##### Listed records

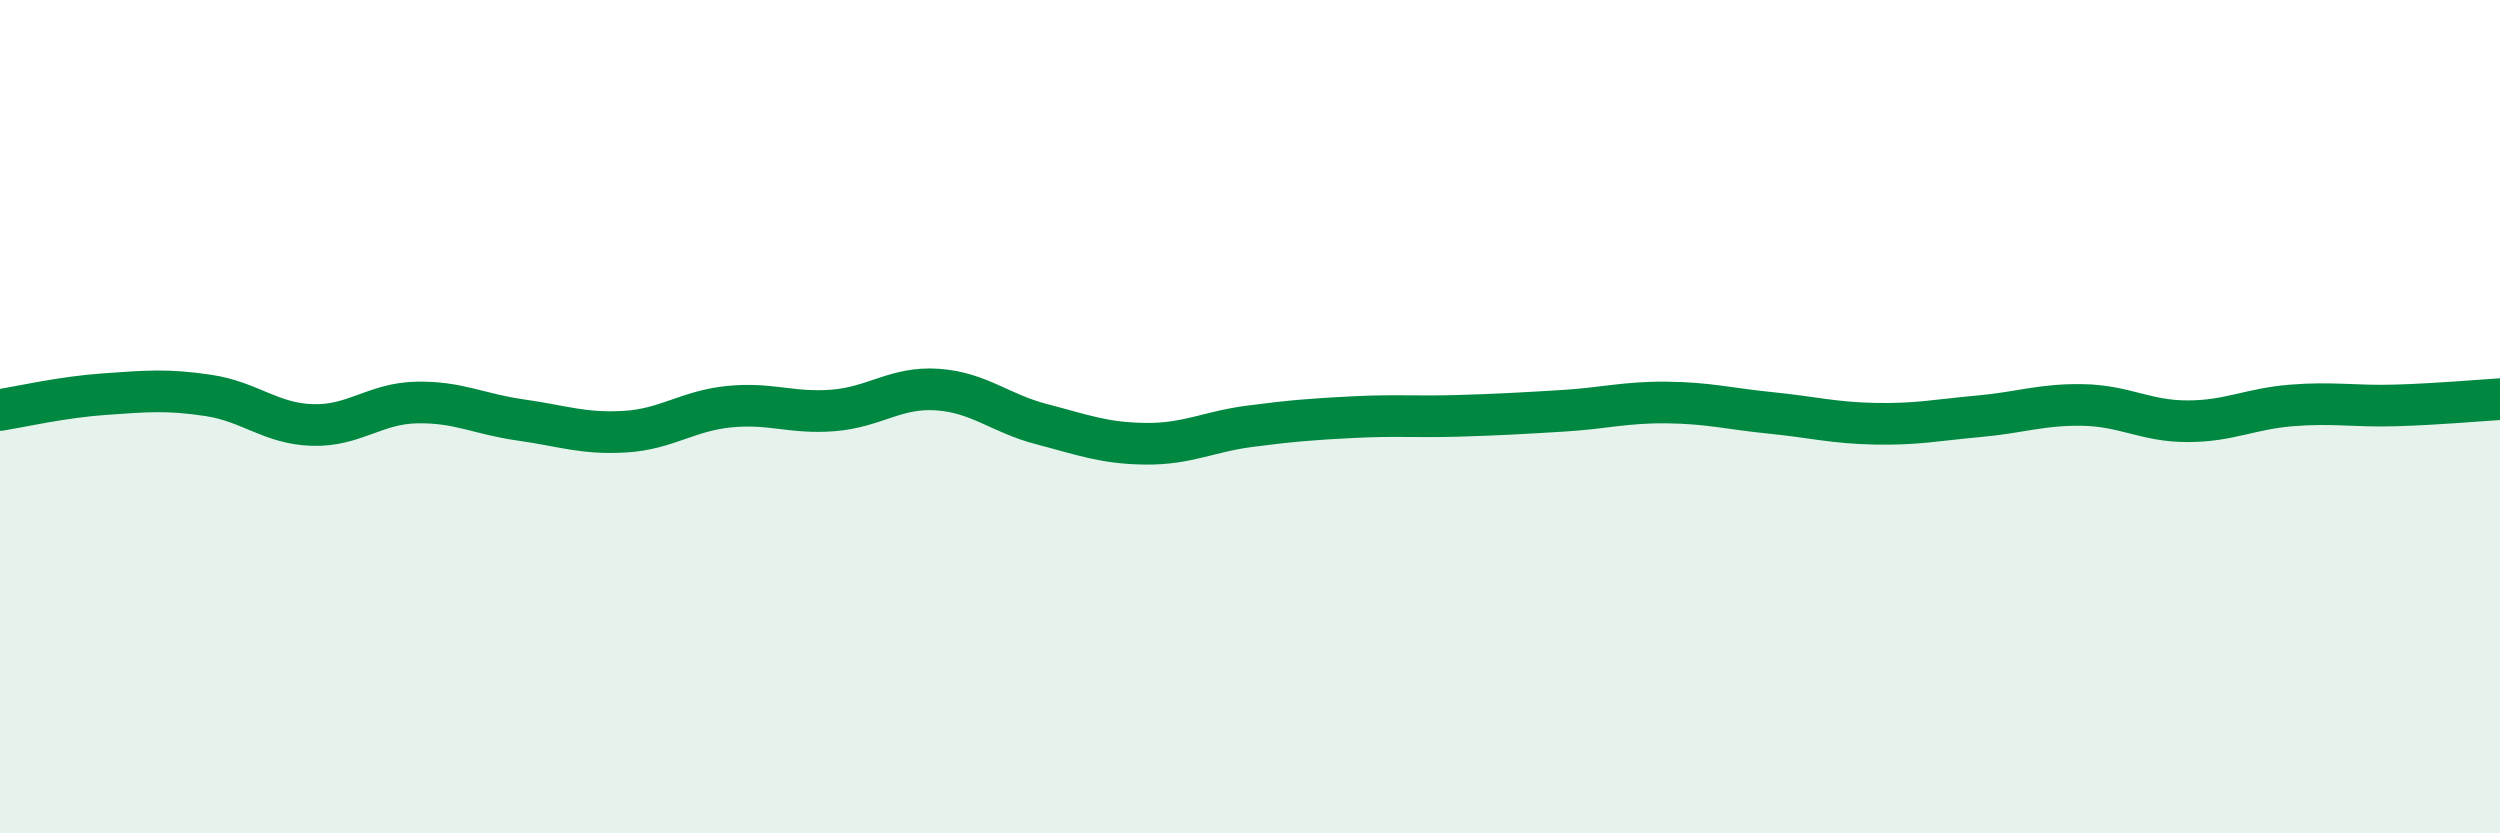 
    <svg width="60" height="20" viewBox="0 0 60 20" xmlns="http://www.w3.org/2000/svg">
      <path
        d="M 0,9.84 C 0.5,9.76 1.5,9.53 2.5,9.46 C 3.5,9.39 4,9.34 5,9.49 C 6,9.64 6.5,10.17 7.5,10.2 C 8.5,10.23 9,9.68 10,9.66 C 11,9.64 11.5,9.94 12.5,10.08 C 13.5,10.22 14,10.42 15,10.36 C 16,10.3 16.5,9.86 17.5,9.76 C 18.5,9.66 19,9.93 20,9.85 C 21,9.77 21.5,9.28 22.5,9.35 C 23.5,9.42 24,9.92 25,10.18 C 26,10.44 26.5,10.64 27.5,10.65 C 28.5,10.66 29,10.36 30,10.23 C 31,10.1 31.5,10.06 32.5,10.01 C 33.5,9.96 34,10.01 35,9.98 C 36,9.95 36.5,9.92 37.5,9.86 C 38.5,9.8 39,9.65 40,9.66 C 41,9.67 41.5,9.81 42.5,9.91 C 43.5,10.01 44,10.15 45,10.17 C 46,10.19 46.5,10.08 47.5,9.99 C 48.5,9.9 49,9.7 50,9.72 C 51,9.74 51.5,10.11 52.5,10.11 C 53.5,10.11 54,9.81 55,9.73 C 56,9.65 56.5,9.76 57.5,9.73 C 58.5,9.7 59.5,9.61 60,9.58L60 20L0 20Z"
        fill="#008740"
        opacity="0.1"
        stroke-linecap="round"
        stroke-linejoin="round"
      />
      <path
        d="M 0,9.84 C 0.5,9.76 1.5,9.53 2.5,9.46 C 3.5,9.39 4,9.34 5,9.49 C 6,9.64 6.5,10.17 7.5,10.2 C 8.5,10.23 9,9.68 10,9.66 C 11,9.64 11.5,9.94 12.5,10.08 C 13.5,10.22 14,10.42 15,10.36 C 16,10.3 16.5,9.86 17.5,9.76 C 18.5,9.66 19,9.93 20,9.85 C 21,9.77 21.5,9.28 22.5,9.35 C 23.5,9.42 24,9.92 25,10.18 C 26,10.44 26.5,10.64 27.5,10.65 C 28.5,10.66 29,10.36 30,10.23 C 31,10.1 31.5,10.06 32.5,10.01 C 33.5,9.96 34,10.01 35,9.98 C 36,9.95 36.5,9.92 37.5,9.86 C 38.5,9.8 39,9.65 40,9.66 C 41,9.67 41.5,9.81 42.5,9.91 C 43.5,10.01 44,10.15 45,10.17 C 46,10.19 46.5,10.08 47.5,9.99 C 48.5,9.9 49,9.7 50,9.72 C 51,9.74 51.5,10.11 52.5,10.11 C 53.5,10.11 54,9.81 55,9.73 C 56,9.65 56.5,9.76 57.5,9.73 C 58.5,9.7 59.5,9.61 60,9.58"
        stroke="#008740"
        stroke-width="1"
        fill="none"
        stroke-linecap="round"
        stroke-linejoin="round"
      />
    </svg>

##########

Assigned task -
Transcribe the listing in full and omit the pictures.

Solution -
    <svg width="60" height="20" viewBox="0 0 60 20" xmlns="http://www.w3.org/2000/svg">
      <path
        d="M 0,9.84 C 0.5,9.76 1.5,9.53 2.5,9.46 C 3.5,9.39 4,9.34 5,9.49 C 6,9.64 6.5,10.17 7.5,10.2 C 8.5,10.23 9,9.68 10,9.66 C 11,9.64 11.5,9.94 12.5,10.08 C 13.5,10.22 14,10.42 15,10.36 C 16,10.3 16.5,9.86 17.5,9.76 C 18.5,9.66 19,9.93 20,9.85 C 21,9.77 21.5,9.28 22.5,9.35 C 23.5,9.42 24,9.92 25,10.18 C 26,10.44 26.5,10.64 27.5,10.65 C 28.5,10.66 29,10.36 30,10.23 C 31,10.1 31.5,10.06 32.5,10.01 C 33.5,9.96 34,10.01 35,9.98 C 36,9.95 36.5,9.92 37.5,9.86 C 38.5,9.8 39,9.65 40,9.66 C 41,9.67 41.5,9.81 42.5,9.91 C 43.5,10.01 44,10.15 45,10.17 C 46,10.19 46.5,10.08 47.5,9.99 C 48.5,9.9 49,9.7 50,9.72 C 51,9.74 51.5,10.11 52.5,10.11 C 53.5,10.11 54,9.81 55,9.73 C 56,9.65 56.5,9.76 57.5,9.73 C 58.5,9.7 59.5,9.61 60,9.58L60 20L0 20Z"
        fill="#008740"
        opacity="0.1"
        stroke-linecap="round"
        stroke-linejoin="round"
      />
      <path
        d="M 0,9.84 C 0.5,9.76 1.5,9.53 2.5,9.46 C 3.5,9.39 4,9.34 5,9.49 C 6,9.64 6.5,10.17 7.5,10.2 C 8.5,10.23 9,9.68 10,9.66 C 11,9.64 11.5,9.94 12.5,10.08 C 13.5,10.22 14,10.42 15,10.36 C 16,10.3 16.5,9.86 17.5,9.76 C 18.5,9.66 19,9.93 20,9.85 C 21,9.77 21.5,9.28 22.5,9.35 C 23.5,9.42 24,9.92 25,10.18 C 26,10.44 26.5,10.64 27.5,10.65 C 28.5,10.66 29,10.36 30,10.23 C 31,10.1 31.5,10.06 32.5,10.01 C 33.5,9.96 34,10.01 35,9.98 C 36,9.95 36.5,9.92 37.5,9.86 C 38.5,9.8 39,9.65 40,9.66 C 41,9.67 41.5,9.81 42.5,9.91 C 43.5,10.01 44,10.15 45,10.17 C 46,10.19 46.5,10.08 47.5,9.99 C 48.5,9.9 49,9.7 50,9.72 C 51,9.74 51.5,10.11 52.5,10.11 C 53.5,10.11 54,9.81 55,9.73 C 56,9.65 56.5,9.76 57.5,9.73 C 58.5,9.7 59.5,9.61 60,9.58"
        stroke="#008740"
        stroke-width="1"
        fill="none"
        stroke-linecap="round"
        stroke-linejoin="round"
      />
    </svg>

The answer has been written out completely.